BETHESDA, Md. — Centrus Energy Corp. (NYSE American: LEU) (“Centrus” or the “Company”) today announced the preliminary results of its tender offer to purchase up to $60 million of its Series B Senior Preferred Stock, par value $1.00 per share (the “Series B Preferred Shares”), at a purchase price of $954.59 per share, less any applicable withholding taxes. This represents a 25 percent discount from the liquidation price per share. The offer expired at 5:00 p.m., Eastern time on Tuesday, November 17, 2020.
The tender offer was oversubscribed. Based on the preliminary count by Computershare Trust Company, N.A., the depositary for the tender offer, approximately 92,735 shares of the Series B Preferred Shares were properly tendered and not properly withdrawn, none of which were tendered through notice of guaranteed delivery. Pursuant to the terms of the tender offer, the Company expects to accept for purchase tendered Series B Preferred Shares at a purchase price of $954.59 per share on a pro rata basis, for an aggregate purchase price of approximately $60 million. The shares expected to be acquired represent approximately 60% of the Company’s outstanding Series B Preferred Shares as of September 30, 2020. The depositary has informed Centrus that the preliminary proration factor for the tender offer is expected to be approximately 67%.
The number of shares properly tendered and not properly withdrawn and the proration factor referred to above are preliminary and are subject to verification by the depositary and the proper delivery of all shares tendered. The actual number of shares properly tendered and not properly withdrawn will be announced promptly following the guaranteed delivery period and completion of the verification process. Promptly after such announcement, the depositary will issue payment for the shares properly tendered and accepted under the tender offer and will return any other shares tendered. Payment for shares will be made in cash, subject to applicable withholding and without interest. It is currently expected that payment for all shares purchased will be made on or around November 20, 2020.
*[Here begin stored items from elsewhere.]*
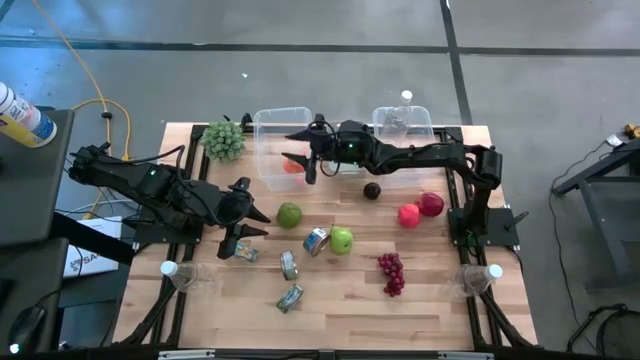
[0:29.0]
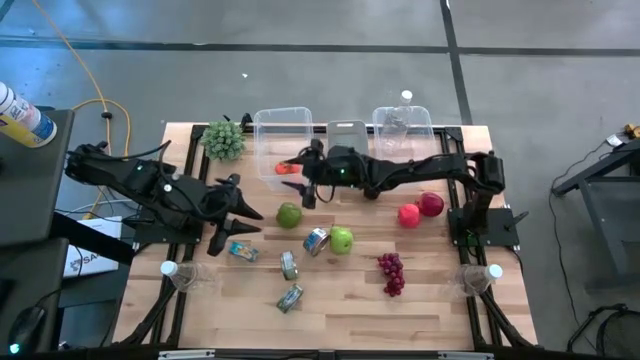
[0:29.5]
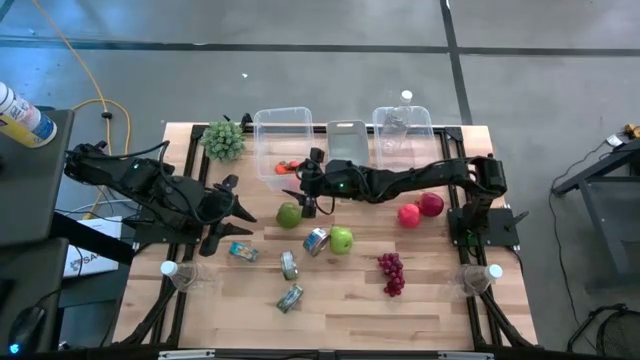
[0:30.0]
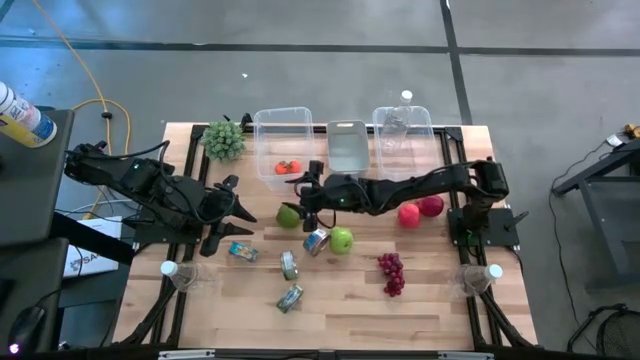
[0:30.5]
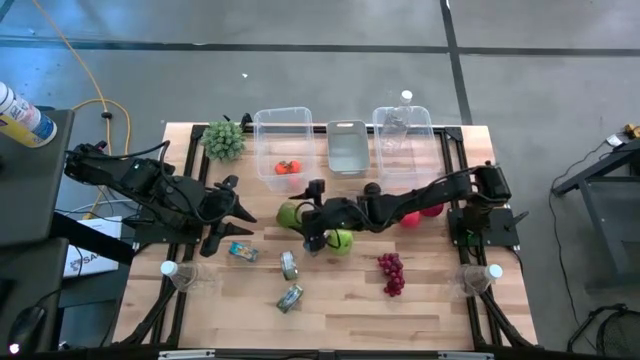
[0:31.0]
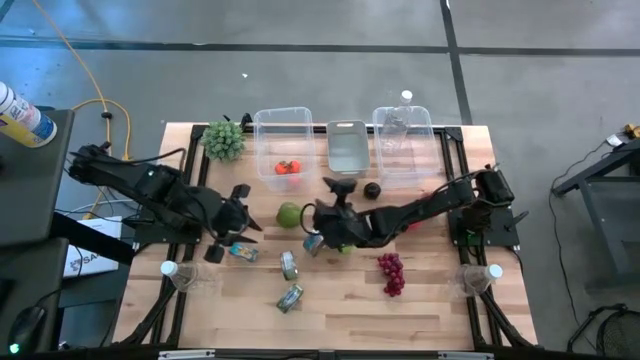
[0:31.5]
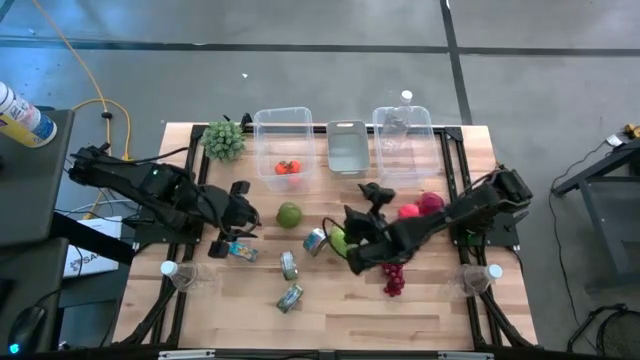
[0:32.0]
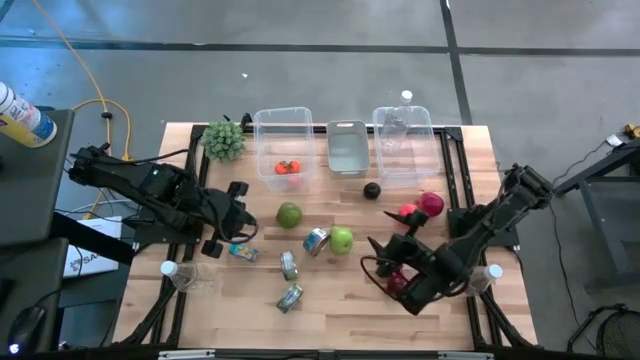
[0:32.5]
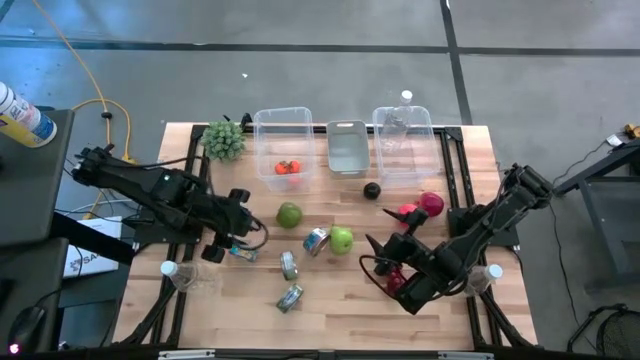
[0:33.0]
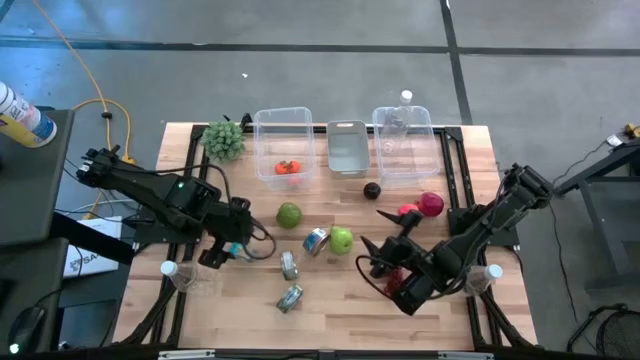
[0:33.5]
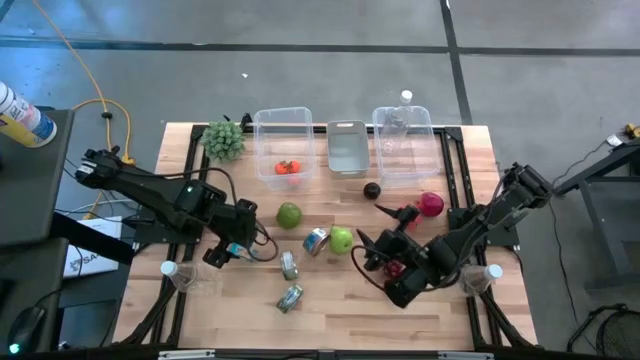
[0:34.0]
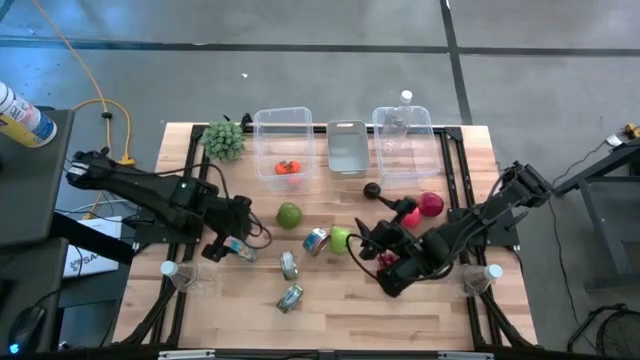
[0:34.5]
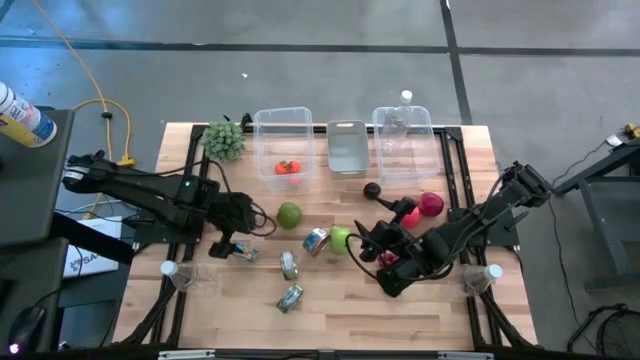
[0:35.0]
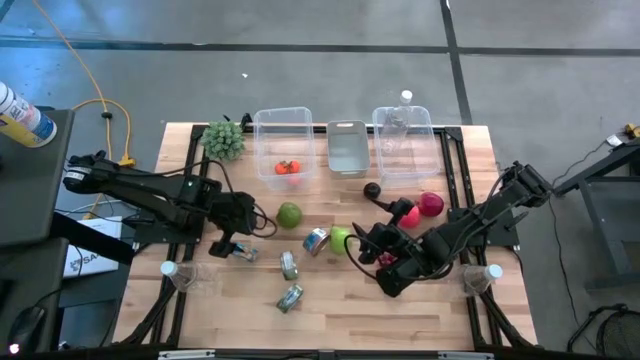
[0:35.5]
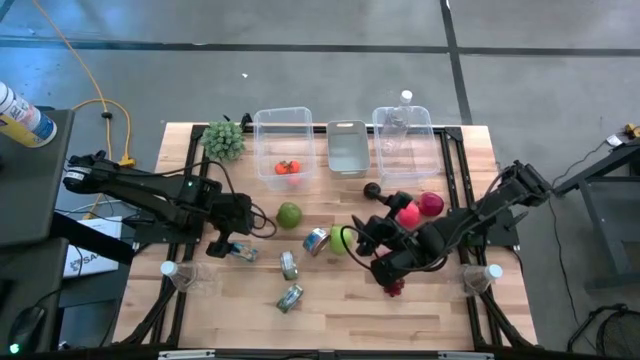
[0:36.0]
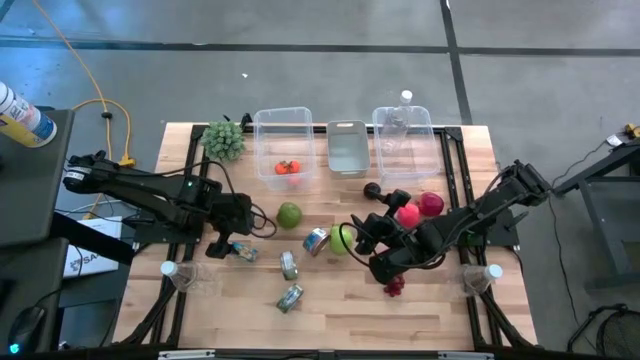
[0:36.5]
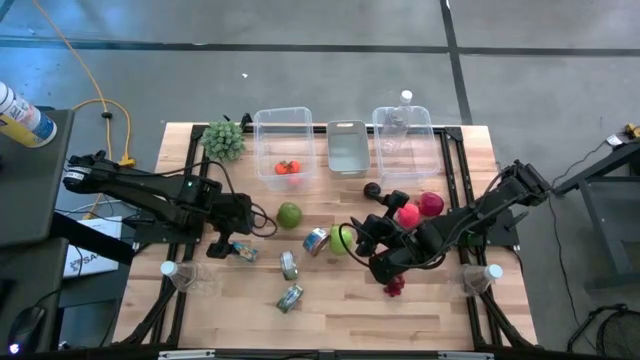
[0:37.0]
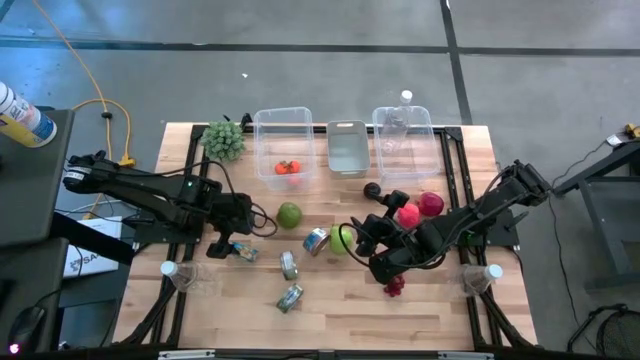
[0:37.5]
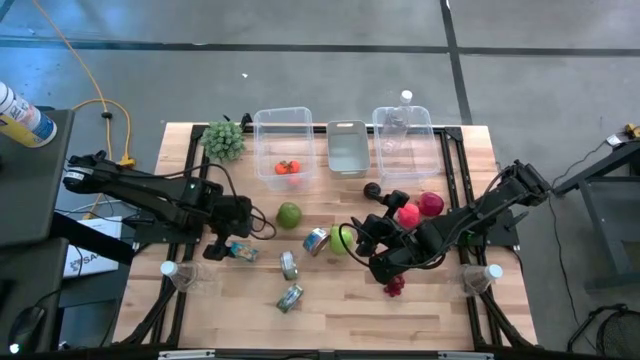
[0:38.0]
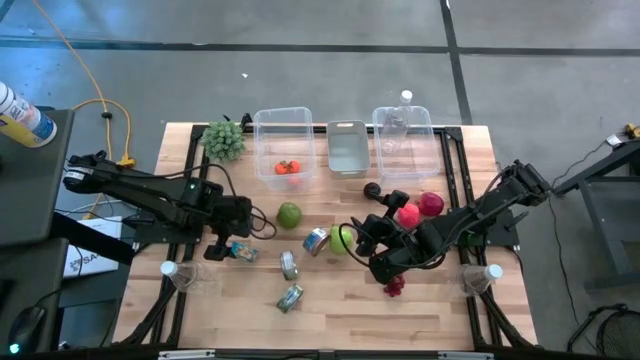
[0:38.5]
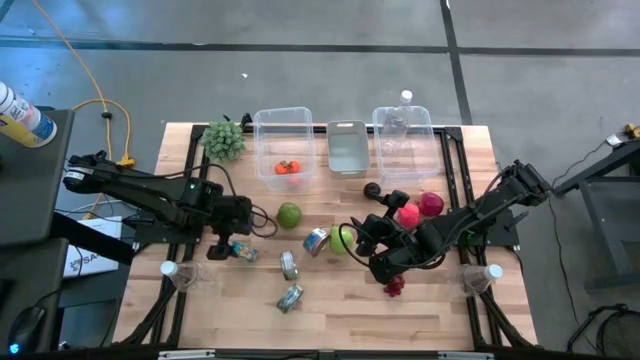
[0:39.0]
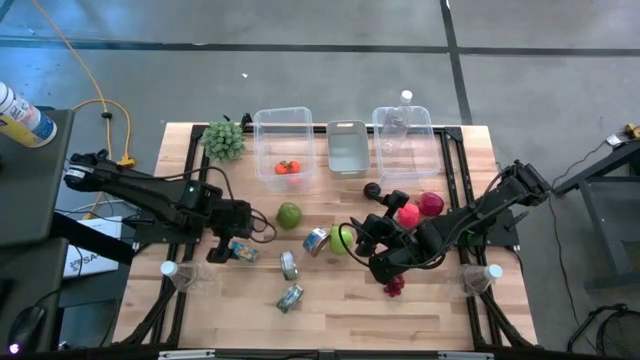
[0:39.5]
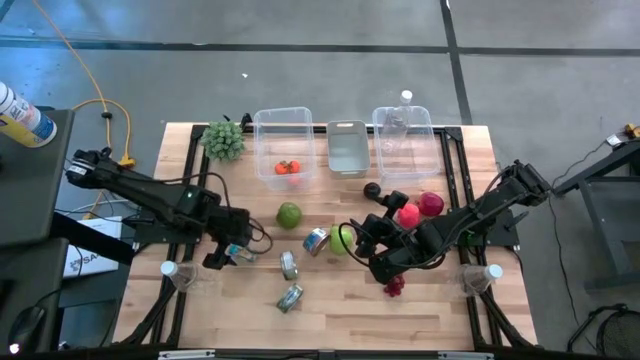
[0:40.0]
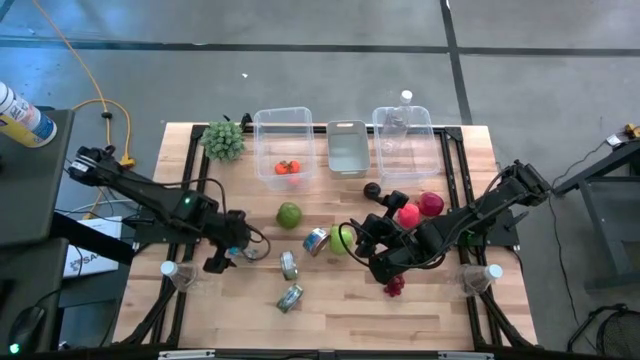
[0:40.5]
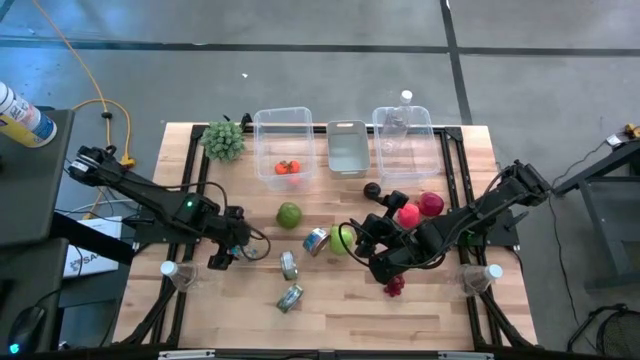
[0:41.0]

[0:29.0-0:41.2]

D.F. King & Co., Inc. is serving as information agent for the tender offer and Computershare Trust Company, N.A. is serving as the depositary for the tender offer.
This communication is for informational purposes only, and is neither an offer to purchase nor a solicitation of an offer to sell Centrus Series B Preferred Shares or any other securities. The offer was made solely by the tender offer statement on Schedule TO, including the offer to purchase, letter of transmittal and related materials, filed with the United States Securities and Exchange Commission (the “SEC”) in connection with the tender offer as well as any amendments or supplements to the Schedule TO when they become available. Investors may obtain a free copy of the tender offer statement on Schedule TO, the offer to purchase, letter of transmittal and other documents that Centrus has filed or will file with the SEC at the SEC’s website at www.sec.gov or from Centrus’s website at www.centrusenergy.com or from the information agent for the tender offer, by telephone at (866) 864-7964 (toll-free) or (212) 269-5550 (banks and brokers), or via e-mail at email@example.com.
Centrus is a trusted supplier of nuclear fuel and services for the nuclear power industry. Centrus provides value to its utility customers through the reliability and diversity of its supply sources – helping them meet the growing need for clean, affordable, carbon-free electricity. Since 1998, the Company has provided its utility customers with more than 1,750 reactor years of fuel, which is equivalent to 7 billion tons of coal.
With world-class technical capabilities, Centrus offers turnkey engineering and advanced manufacturing solutions to its customers. The Company is also advancing the next generation of centrifuge technologies so that America can restore its domestic uranium enrichment capability in the future. Find out more at www.centrusenergy.com.
This press release contains statements that constitute forward-looking statements within the meaning of Section 21E of the Securities Exchange Act of 1934. In this context, forward-looking statements mean statements related to future events, and often contain words such as “expects”, “anticipates”, “intends”, “plans”, “believes”, “will”, “should”, “could”, “would” or “may” and other words of similar meaning. These statements include statements regarding the terms and timing of completion of the tender offer, including acceptance of the purchase of the Series B Preferred Shares, the approximate preliminary proration factor, and the expected payment date. Forward-looking statements by their nature address matters that are, to different degrees, uncertain. Particular risks and uncertainties that could cause results to differ from those expressed in this press release include conditions in financial markets, response by Series B Preferred holders to the tender offer and other factors described in the Company’s filings with the Securities and Exchange Commission. These factors may not constitute all factors that could cause actual results to differ from those discussed in any forward-looking statement. Accordingly, forward-looking statements should be not be relied upon as a predictor of actual results. Readers are urged to carefully review and consider the various disclosures made in this press release and in our other filings with the Securities and Exchange Commission that attempt to advise interested parties of the risks and factors that may affect our business. We do not undertake to update our forward-looking statements to reflect events or circumstances that may arise after the date of this release, except as required by law.